Gail Dines talks in this lecture about the pornography industry. She begins by talking about the history of pornography, and Playboy and Hustler's begining in Capitalist America.
She continues on to talk about our image culture, where stereotypes of femininity and masculinity are continually bombarded upon us through magazines, movies, celebrities, music, etc. She speaks of Jessica Simpson, who has become the laughing stalk of American media (just as Goldie Hawn and Meg Ryan were before her). She states that when we laugh at her, we laugh at every woman because it reinforces those very stereotypes about women.
Food For Though: The Reader Inscribed in the Text: When you look at an image of a person in a magazine, who is the presumed spectator of the image? Who is the image geared to? What is the image trying to communicate? She then talks about the "fuck me" look; this image is bombarded upon men in our culture, and it is what this image to the right illustrate.

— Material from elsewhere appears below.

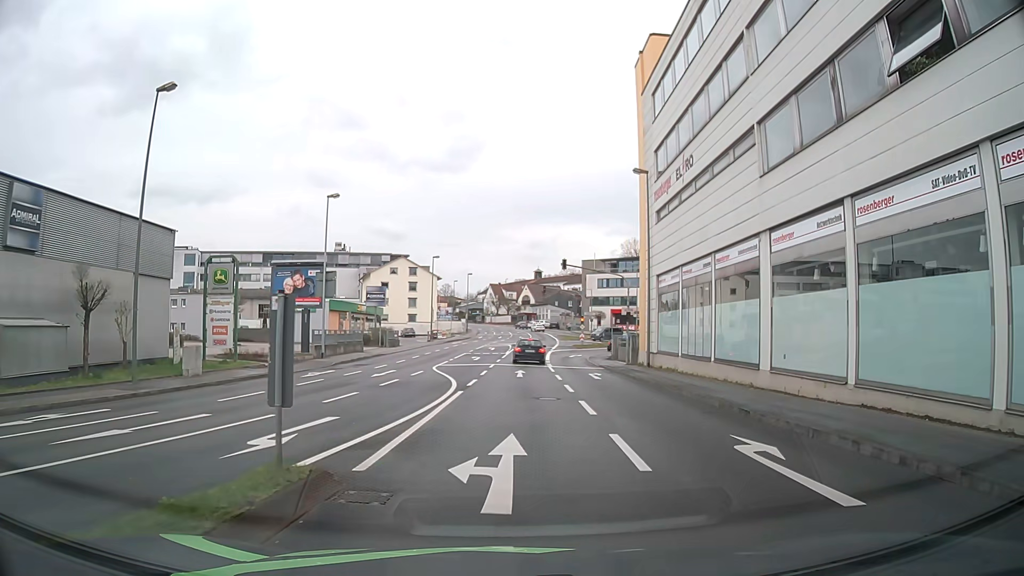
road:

She then goes on to talk about the glamorization of the "perfect" woman for men in our culture, shifting from the "perfect housewife" image to the "slut, brainless" image of women. She speaks about Britney Spears, Paris Hilton, Anna Nicole Smith, and Pamela Anderson who are given stardom but then spitted out by our culture for being "whores" and useless.
Lastly, she speaks about the porn industry and the glamorization of violence against women within the porn industry. Gail Dines ends the lecture by stating that she isn't against porn itself but the culture that is perpetuated within the porn industry, and I couldn't agree more.
Here is a 4 minute video which is extremely creepy (I must emphasize the creepy), yet it is a very accurate metaphor for the incredibly impossible task of achieving feminine beauty in our culture.
It begins with a mechanized 'doll' and a TV screen very close to the machine. The fact that the 'female doll' is a machine can have so many layers of meaning. Drawing from my previous post about childbirth, women's bodies = money, profit to corporations. It's not important that women (and men) have feelings, have lives of their own, have pain of their own; profit is the bottom line, and, therefore, women become machines with no purpose of their own other than to serve someone who controls them.
As the mechanized 'doll' takes in what's on the TV, the 'doll' begins to doll herself up with makeup. After the 'doll' achieves this goal, the TV moves further and further away the more she tries to achieve perfection, representing the unachievable goal of American beauty. The doll then tries to move closer, but it eventually ends in her own destruction (real life examples: anorexia, bulimia, depression, poor self-image, bad diets habits etc.)
Here you can find many GREAT documentaries for FREE (other than a slightly annoying watermark on the films...). The full length videos are offered as previews for purchase considerations of colleges. While the semitransparent watermark "For Preview Only" is embedded over the films, I highly suggest checking them out.
Media Education Foundation is committed to exploring how the media (particularly advertising such as TV commercials, Magazine ads, and the like) affect our culture. There are several categories of films to chose from including gender, politics, race, health, and commercialism.
I highly suggest Killing Us Softly 4, Micheal Kimmel on Gender, and Codes of Gender found under the the category of gender. I also recommend Red Moon under the category of health. All of these are great for some interesting conversation about gender issues.